**Exercise:**
Output all the data exactly. Pictures do not belong in the copy.
····················
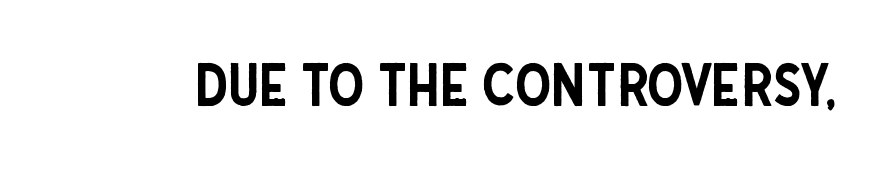
Q: Is the text italic (slanted)? A: No, it is upright.
Q: Is the typeface a serif or a sans-serif typeface? A: Sans-serif.
Q: Is the text underlined? A: No.
Q: Is the spacing between letters normal or unusually wide? A: Normal.
Q: Width (condensed, normal, or wide)? A: Condensed.
Q: Stroke contrast? A: Low.
Q: x-height? A: Large.
Q: Monospaced? A: No.
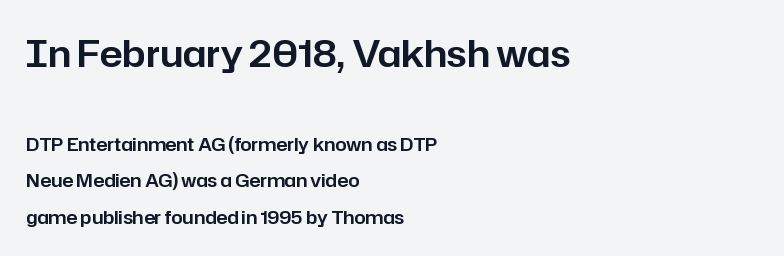
Q: Is the text italic (slanted)? A: No, it is upright.
Q: Is the typeface a serif or a sans-serif typeface? A: Sans-serif.
Q: Is the text underlined? A: No.
Q: How is the paragraph aligned? A: Left-aligned.
Q: Is the spacing between letters normal or unusually wide? A: Normal.
Q: Is the spacing between lines tight, normal or loose? A: Loose.
Q: Which block of text is set in a larger size, the first (top) or the second (bottom)? A: The first (top) one.
Q: Width (condensed, normal, or wide)? A: Normal.
Q: Stroke contrast? A: Low.
Q: x-height? A: Medium.
Q: Monospaced? A: No.
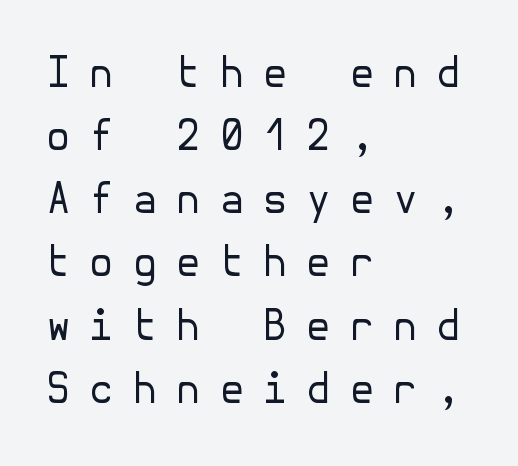
The image shows 41 px regular-weight sans-serif type, upright; set left-aligned, normal line spacing (1.54x), unusually wide letter spacing (+0.44 em), not underlined; low stroke contrast and a medium x-height.
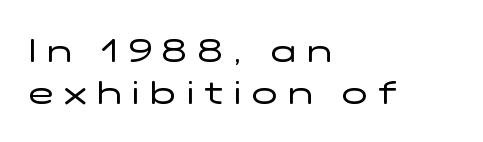
{"serif": "no", "italic": "no", "bold": "no", "weight": "regular", "width": "wide", "stroke_contrast": "low", "x_height": "medium", "monospaced": "no", "underline": "no", "align": "left", "line_spacing": "normal", "line_spacing_ratio": 1.28, "letter_spacing": "wide", "letter_spacing_em": 0.33, "glyph_px": 33}
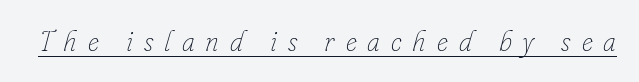
{"italic": "yes", "lean": "right", "slant_degrees": 16, "bold": "no", "weight": "thin", "width": "normal", "stroke_contrast": "low", "x_height": "small", "monospaced": "no", "underline": "yes", "letter_spacing": "wide", "letter_spacing_em": 0.39, "glyph_px": 28}
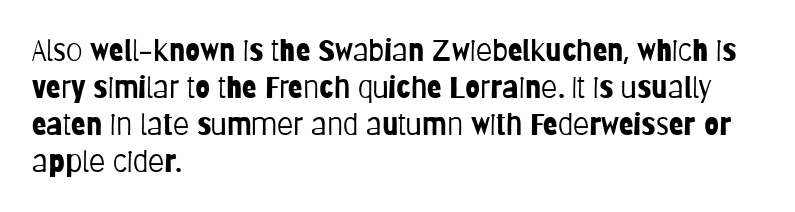
Q: Is the text bold? A: No.
Q: Is the text italic (slanted)? A: No, it is upright.
Q: Is the typeface a serif or a sans-serif typeface? A: Sans-serif.
Q: Is the text underlined? A: No.
Q: How is the paragraph aligned? A: Left-aligned.
Q: Is the spacing between letters normal or unusually wide? A: Normal.
Q: Width (condensed, normal, or wide)? A: Condensed.
Q: Stroke contrast? A: Low.
Q: x-height? A: Large.
Q: Monospaced? A: No.
····················
**Exercise output:**
Q: Is the text italic (slanted)? A: No, it is upright.
Q: Is the typeface a serif or a sans-serif typeface? A: Sans-serif.
Q: Is the text underlined? A: No.
Q: Is the spacing between letters normal or unusually wide? A: Normal.
Q: Width (condensed, normal, or wide)? A: Condensed.
Q: Stroke contrast? A: Low.
Q: x-height? A: Large.
Q: Monospaced? A: No.
Q: Is the text italic (slanted)? A: No, it is upright.
Q: Is the typeface a serif or a sans-serif typeface? A: Sans-serif.
Q: Is the text underlined? A: No.
Q: How is the paragraph aligned? A: Left-aligned.
Q: Is the spacing between letters normal or unusually wide? A: Normal.
Q: Is the spacing between lines tight, normal or loose? A: Loose.
Q: Which block of text is set in a larger size, the first (top) or the second (bottom)? A: The first (top) one.
Q: Width (condensed, normal, or wide)? A: Normal.
Q: Stroke contrast? A: Low.
Q: x-height? A: Medium.
Q: Monospaced? A: No.
The image shows 41 px regular-weight sans-serif type, upright; set left-aligned, normal line spacing (1.54x), unusually wide letter spacing (+0.44 em), not underlined; low stroke contrast and a medium x-height.
{"serif": "no", "italic": "no", "bold": "no", "weight": "regular", "width": "wide", "stroke_contrast": "low", "x_height": "medium", "monospaced": "no", "underline": "no", "align": "left", "line_spacing": "normal", "line_spacing_ratio": 1.28, "letter_spacing": "wide", "letter_spacing_em": 0.33, "glyph_px": 33}
{"italic": "yes", "lean": "right", "slant_degrees": 16, "bold": "no", "weight": "thin", "width": "normal", "stroke_contrast": "low", "x_height": "small", "monospaced": "no", "underline": "yes", "letter_spacing": "wide", "letter_spacing_em": 0.39, "glyph_px": 28}
Q: Is the text bold? A: No.
Q: Is the text italic (slanted)? A: No, it is upright.
Q: Is the typeface a serif or a sans-serif typeface? A: Sans-serif.
Q: Is the text underlined? A: No.
Q: How is the paragraph aligned? A: Left-aligned.
Q: Is the spacing between letters normal or unusually wide? A: Normal.
Q: Width (condensed, normal, or wide)? A: Condensed.
Q: Stroke contrast? A: Low.
Q: x-height? A: Large.
Q: Monospaced? A: No.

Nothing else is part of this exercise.